= Beginning of Section =

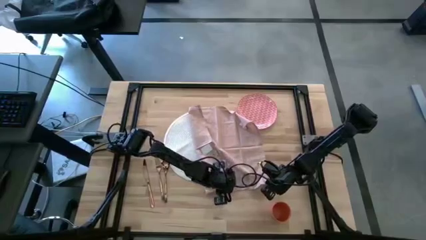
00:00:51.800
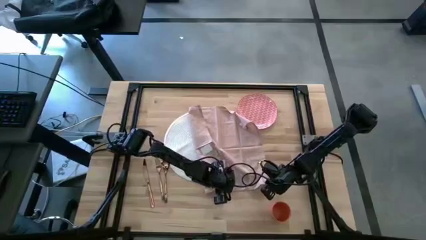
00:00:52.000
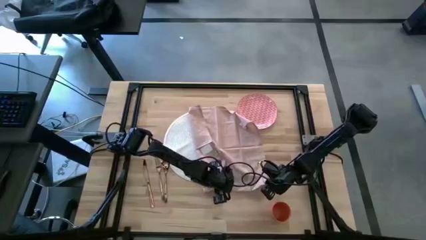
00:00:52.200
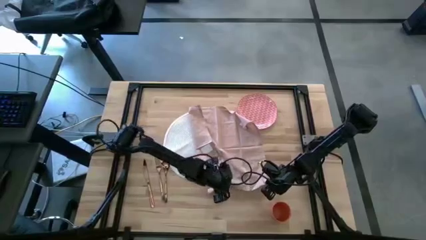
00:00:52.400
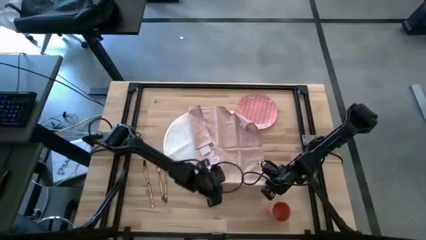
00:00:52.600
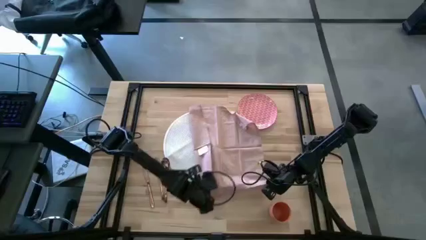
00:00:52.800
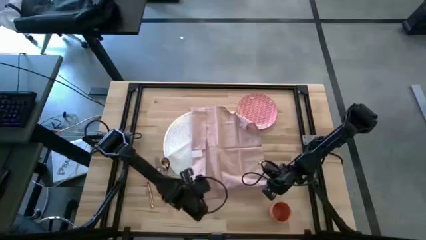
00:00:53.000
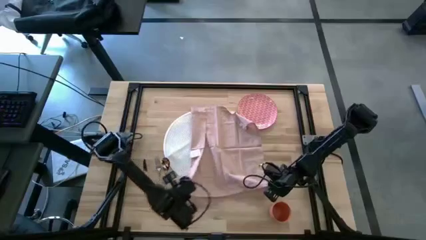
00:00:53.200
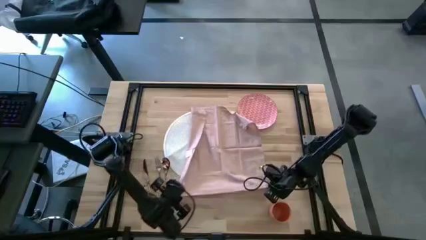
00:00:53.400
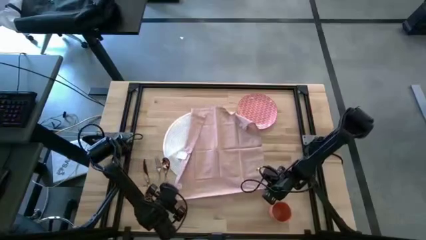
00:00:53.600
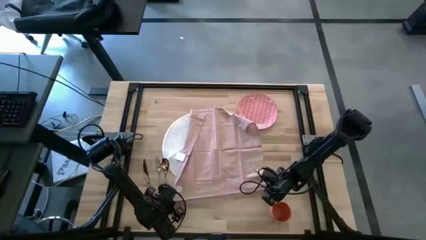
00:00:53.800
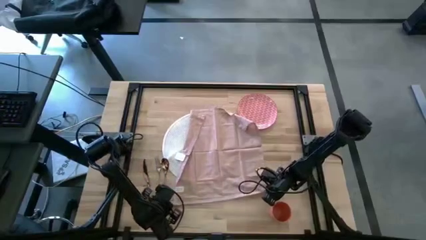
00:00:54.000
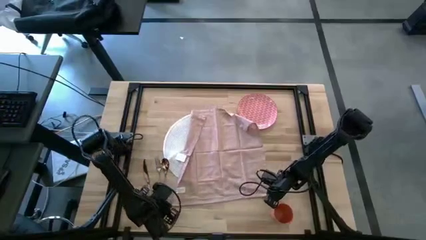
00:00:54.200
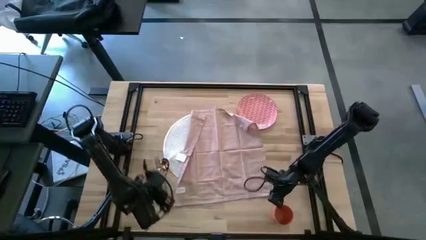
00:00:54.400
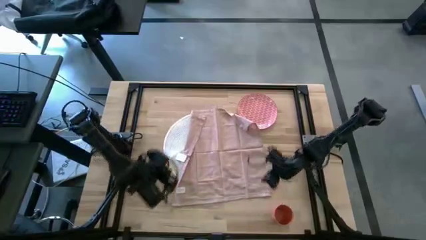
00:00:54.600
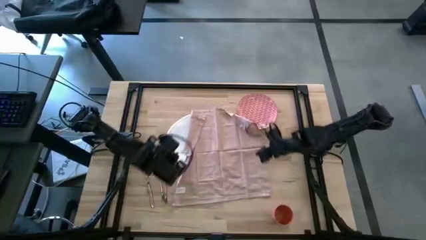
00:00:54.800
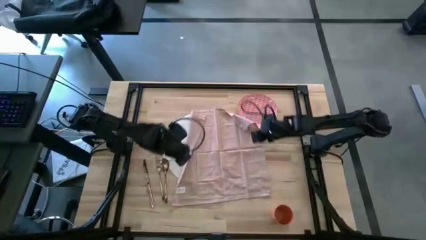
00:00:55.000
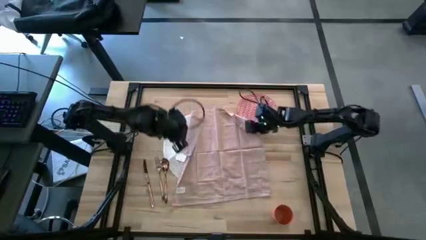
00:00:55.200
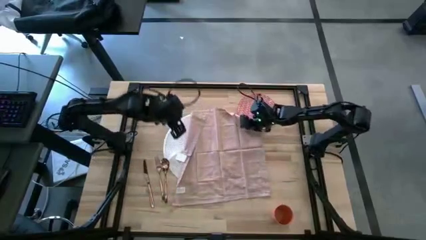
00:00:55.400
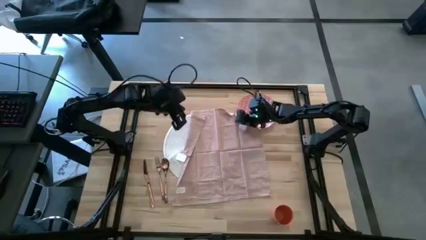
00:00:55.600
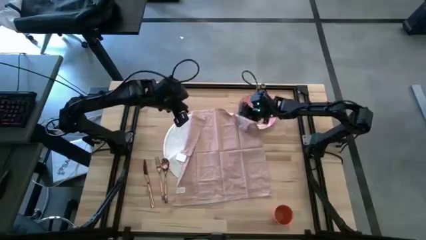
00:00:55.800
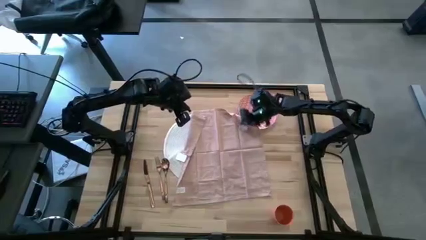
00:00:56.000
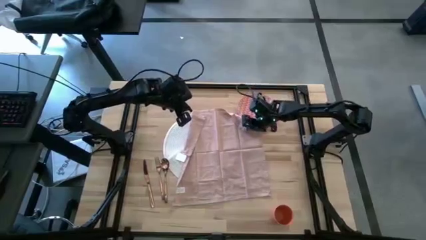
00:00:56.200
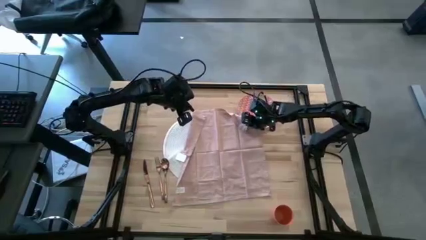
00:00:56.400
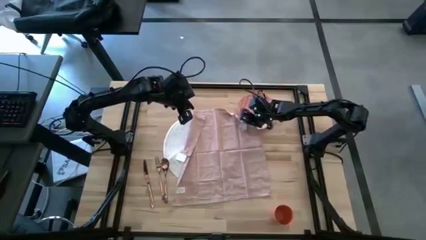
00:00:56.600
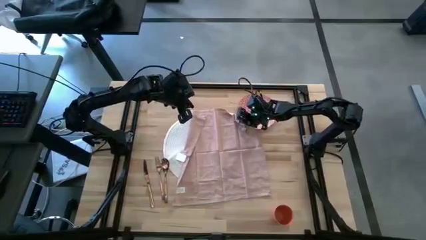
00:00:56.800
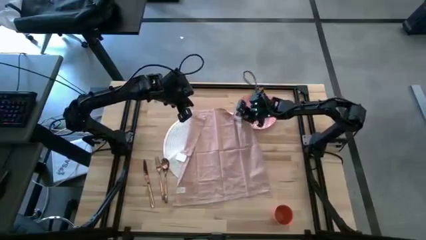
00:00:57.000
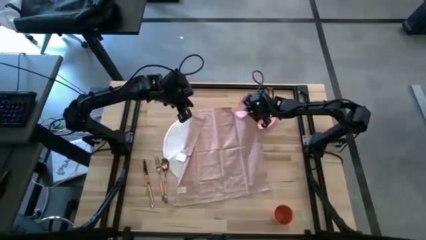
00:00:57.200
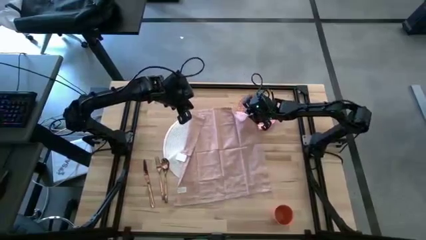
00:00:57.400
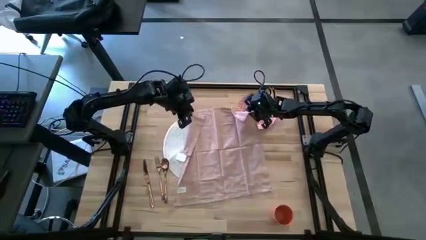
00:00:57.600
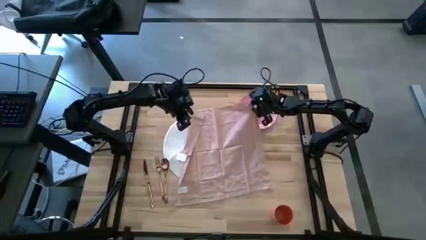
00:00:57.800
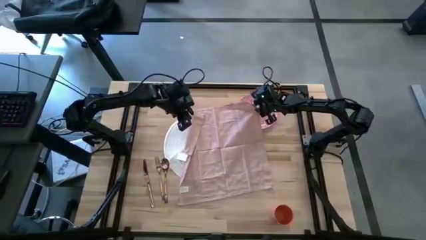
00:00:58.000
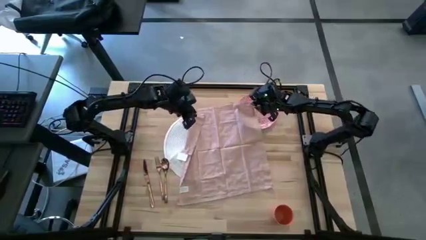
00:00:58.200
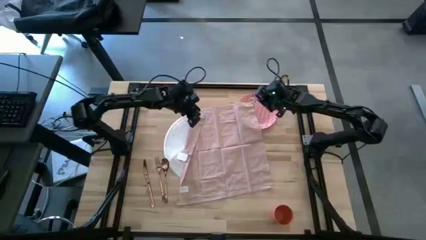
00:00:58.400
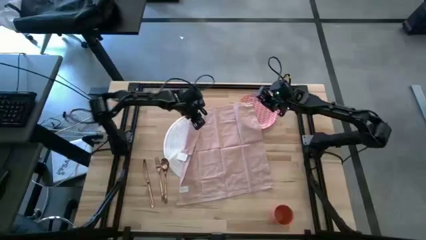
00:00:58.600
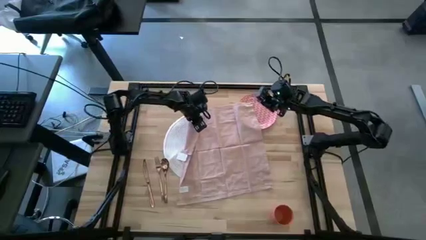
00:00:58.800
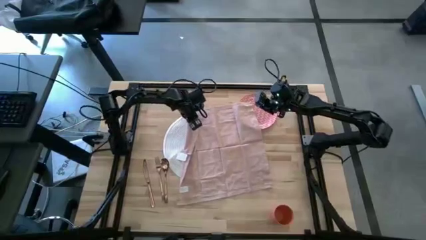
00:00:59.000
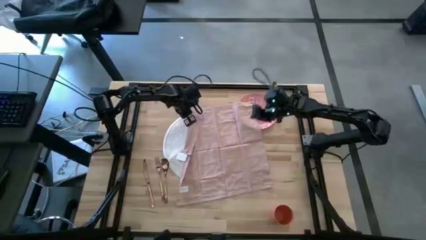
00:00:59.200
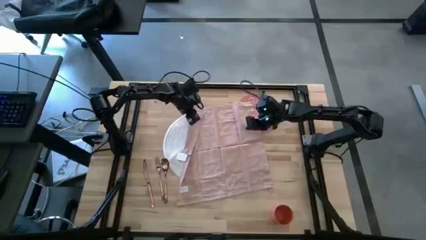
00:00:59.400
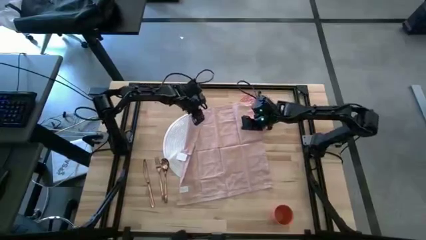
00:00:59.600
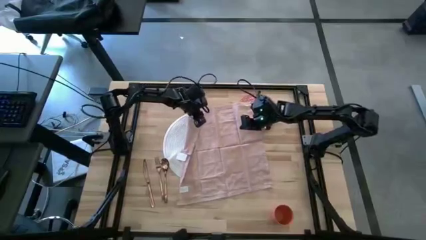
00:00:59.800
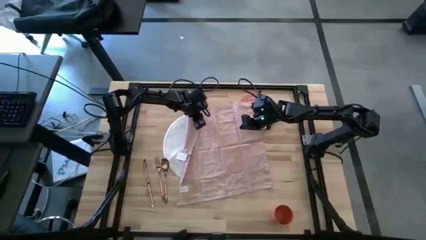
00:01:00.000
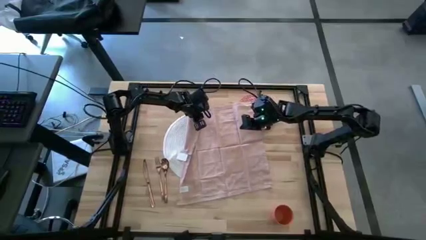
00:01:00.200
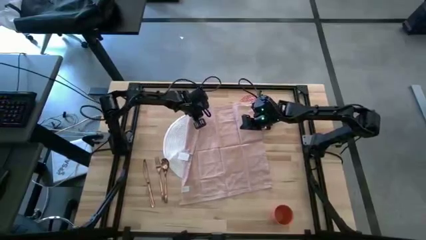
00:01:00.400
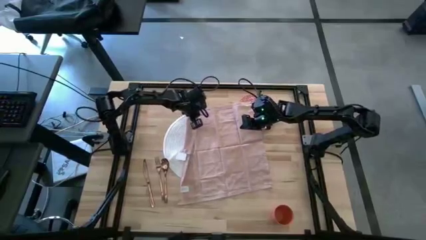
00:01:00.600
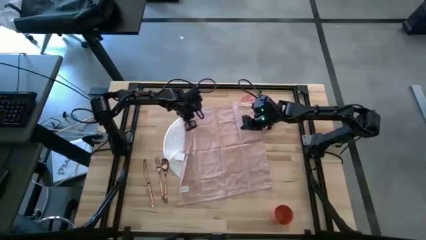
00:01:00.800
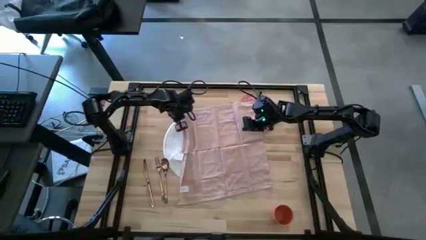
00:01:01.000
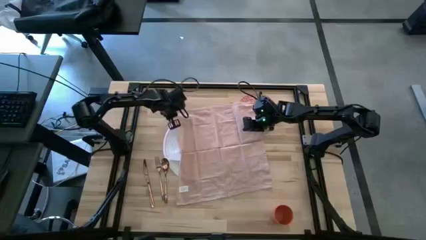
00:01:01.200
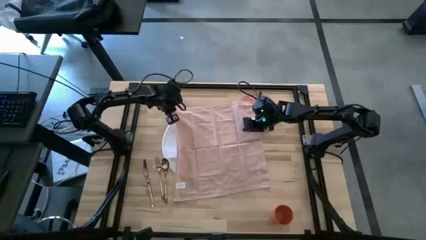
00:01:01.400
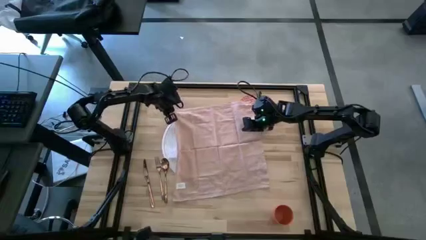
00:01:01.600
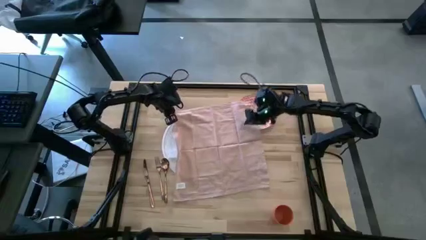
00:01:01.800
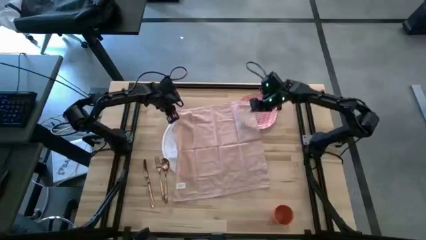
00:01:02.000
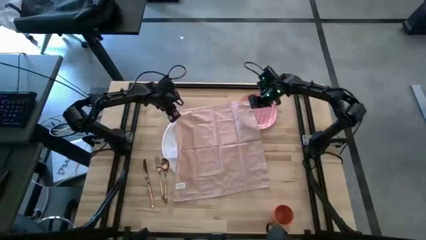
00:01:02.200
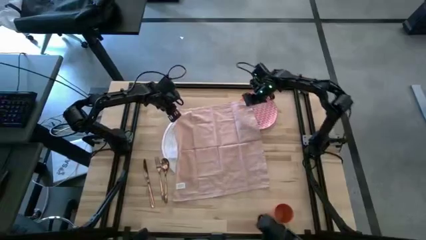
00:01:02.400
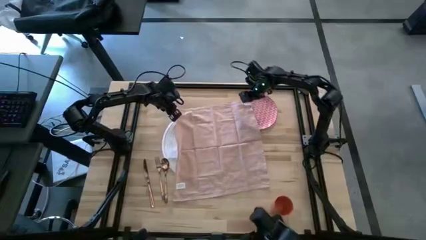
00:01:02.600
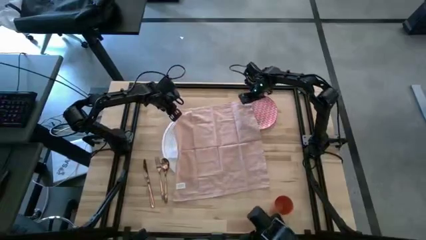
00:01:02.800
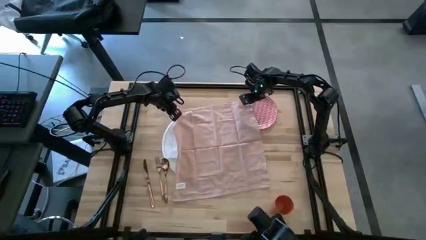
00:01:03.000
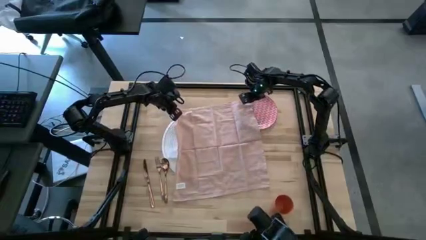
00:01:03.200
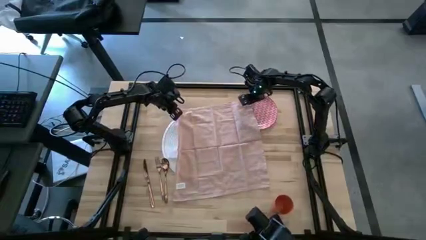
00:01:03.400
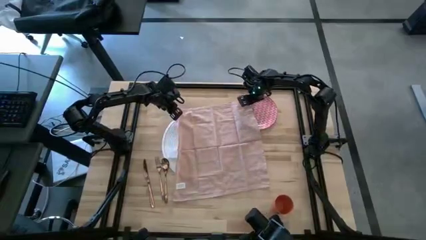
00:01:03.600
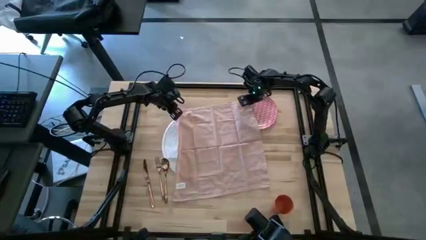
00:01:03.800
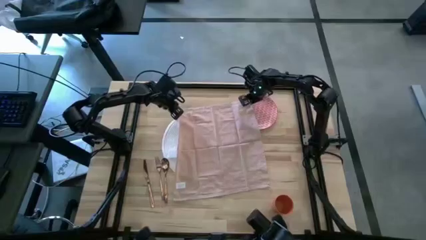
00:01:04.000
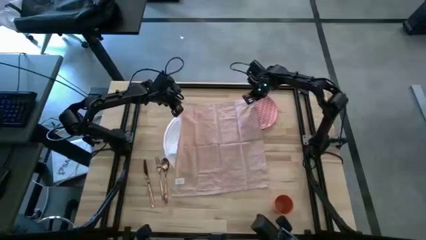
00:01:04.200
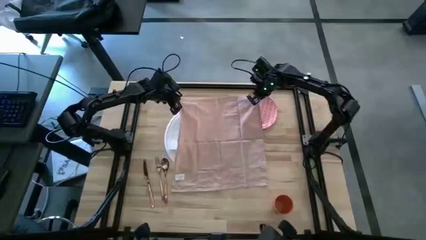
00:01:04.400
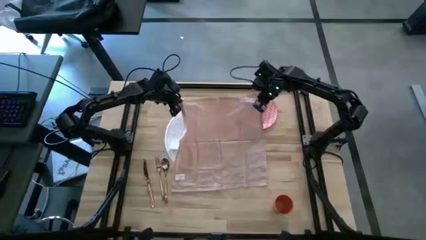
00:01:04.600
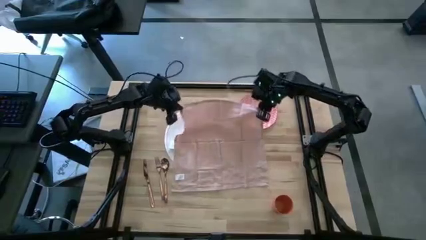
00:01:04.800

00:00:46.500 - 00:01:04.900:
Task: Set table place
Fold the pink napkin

= End of Section =

### What this task involves
The copy should hold, exactly, the lines from the one containing "00:00:57.800" to the final line of the listing above, with both ends present and no pictures.

### Task answer
00:00:57.800
00:00:58.000
00:00:58.200
00:00:58.400
00:00:58.600
00:00:58.800
00:00:59.000
00:00:59.200
00:00:59.400
00:00:59.600
00:00:59.800
00:01:00.000
00:01:00.200
00:01:00.400
00:01:00.600
00:01:00.800
00:01:01.000
00:01:01.200
00:01:01.400
00:01:01.600
00:01:01.800
00:01:02.000
00:01:02.200
00:01:02.400
00:01:02.600
00:01:02.800
00:01:03.000
00:01:03.200
00:01:03.400
00:01:03.600
00:01:03.800
00:01:04.000
00:01:04.200
00:01:04.400
00:01:04.600
00:01:04.800

00:00:46.500 - 00:01:04.900:
Task: Set table place
Fold the pink napkin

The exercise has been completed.